The definition of hypotension used in this study was a decrease in the MAP by 30% from the baseline level which was quite similar to many studies [7, 8, 22, 23]. MAP was used instead of SBP to define hypotension because MAP provides a physiologically more appropriate measurement of hypotension than SBP [24]. The overall incidence of hypotension among women undergoing cesarean section following spinal anesthesia in our study (80%) was lower than reported in a previous study done in Songklanagarind Hospital (85%) [2]. One-third of each intervention group received metoclopramide as premedication. Even though a case report showed 10 mg of metoclopramide could cause severe hypotension [25], the baseline blood pressure before spinal anesthesia was not different among the three groups (Fig. 2).
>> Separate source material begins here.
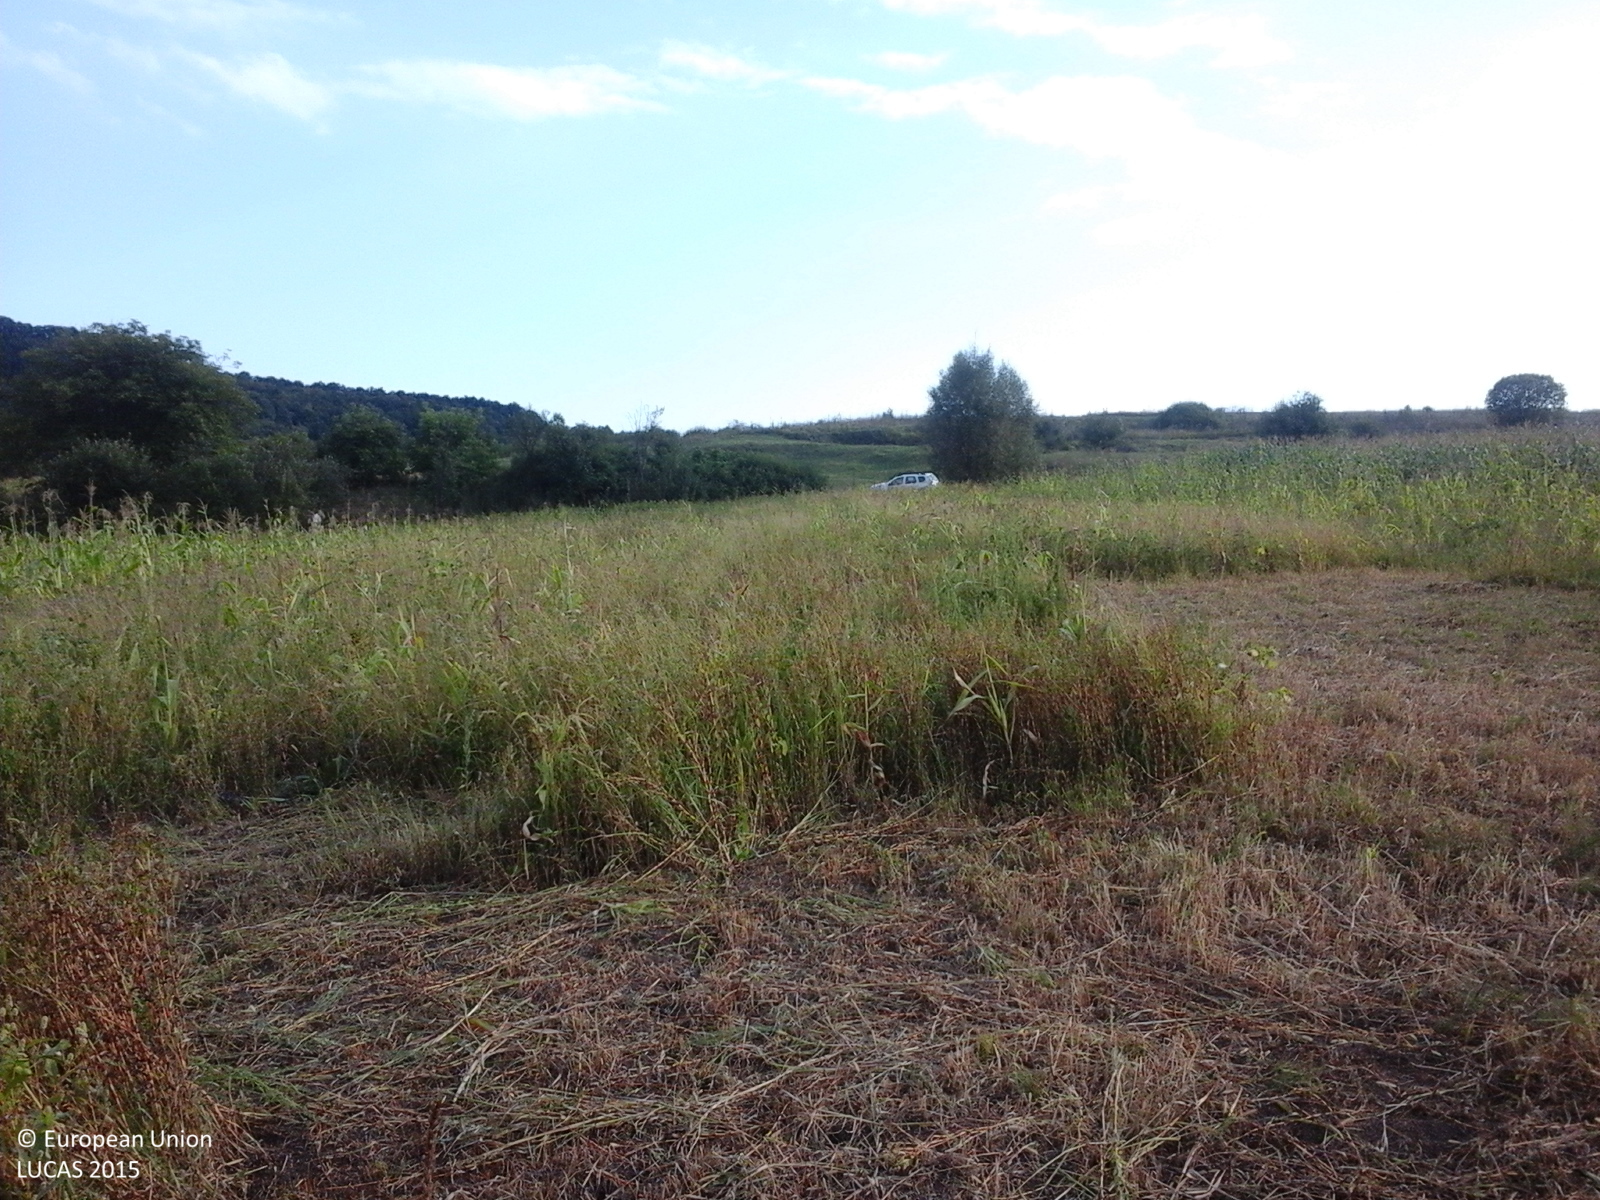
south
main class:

Ondansetron did not cause any adverse events in our study. The parturients experienced neither QT abnormalities nor burning sensation during the injection and the newborns did not experience bradycardia or hypothermia 24 h postoperatively. The incidence of urticaria or arrhythmia was not higher in the two ondansetron groups. Although the incidence of vomiting was lower in the high dose ondansetron (0.1 mg/kg) group, the incidence was not statistically different (P = 0.09). However, postoperative metoclopramide requirement was significantly lower in the high dose ondansetron compared to the normal saline group (P = 0.01). Therefore, the effect of ondansetron to prevent or treat nausea and vomiting was achieved as expected. There were no significant differences in terms of hypotension or tachypnea in newborns between the three groups. The incidence of tachypnea was slightly higher among the newborns of women who received the low dose of ondansetron compared to the control group (7% vs 2.8%). Tachypnea resolved within 2–3 h after oxygen therapy was administered. Although ondansetron can transfer across the placenta to newborn babies [26], adverse events related to ondansetron in newborns have not been reported.

Ondansetron administered at a dose of 0.05 mg/kg or 0.1 mg/kg before spinal anesthesia was not effective in reducing the incidence of hypotension in pregnant women undergoing cesarean section. Higher weight-based dosing of ondansetron should be examined keeping the safety issues in mind.